Le Centre formule une feuille de route pragmatique, hiérarchisée dans le temps. Parmi les mesures urgentes (0–6 mois) figurent la publication immédiate de l’étude gouvernementale réalisée en 2018 (sur laquelle s’est appuyée la décision) et l’expérimentation d’un « paquet » d’allégement hivernal, notamment le report des heures d’entrée scolaire et administrative à 09:00 entre novembre et février, pour atténuer les risques liés aux matinées sombres.

À moyen terme (6–18 mois), il préconise de mandater une instance indépendante (par exemple le Conseil économique, social et environnemental) pour conduire une analyse coûts-bénéfices exhaustive, en mobilisant des méthodologies quasi-expérimentales.

Sur le long terme, la mise en place d’un observatoire national et la publication régulière d’évaluations périodiques figurent parmi les priorités avancées.

Une consultation publique élargie

La note pointe une tension politique réelle ; les secteurs exportateurs et les acteurs économiques proches de l’Europe défendent la continuité GMT+1 ; des associations de parents, des syndicats d’enseignants, des organisations de santé et des ONG territoriales alertent sur les coûts sociaux. Le choix final est donc intrinsèquement politique, il engage des arbitrages entre intérêts sectoriels concentrés et coûts diffus touchant la population. Les auteurs insistent sur la nécessité d’une consultation publique élargie, fondée sur des données et non sur des impressions subjectives.

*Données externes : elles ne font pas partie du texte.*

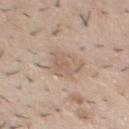follow-up: no biopsy performed (imaged during a skin exam) | subject: male, aged 28–32 | body site: the chest | automated metrics: a lesion color around L≈61 a*≈15 b*≈27 in CIELAB, about 7 CIELAB-L* units darker than the surrounding skin, and a normalized border contrast of about 5; a border-irregularity index near 3/10, a within-lesion color-variation index near 3/10, and a peripheral color-asymmetry measure near 1 | image source: ~15 mm crop, total-body skin-cancer survey.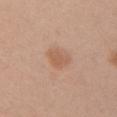notes = imaged on a skin check; not biopsied
diameter = ≈3 mm
image source = ~15 mm crop, total-body skin-cancer survey
patient = female, aged approximately 35
site = the arm
lighting = white-light
image-analysis metrics = a border-irregularity index near 2.5/10, a within-lesion color-variation index near 1.5/10, and radial color variation of about 0.5; an automated nevus-likeness rating near 15 out of 100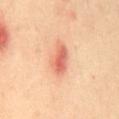This lesion was catalogued during total-body skin photography and was not selected for biopsy. Captured under cross-polarized illumination. From the mid back. The patient is a female aged 38 to 42. Longest diameter approximately 4.5 mm. A roughly 15 mm field-of-view crop from a total-body skin photograph.

Huit ans après l’adoption du régime GMT+1, l’essentiel du débat au Maroc devrait donc désormais porter moins sur des slogans que sur la qualité des preuves et la capacité des institutions à mesurer les effets réels. La note du Centre fournit un cadre analytique utile. Elle ne prétend pas trancher à la place des décideurs, mais elle exige que la souveraineté temporelle soit exercée à partir d’une évaluation transparente, d’un diagnostic complet des risques et d’un plan d’atténuation opérationnel.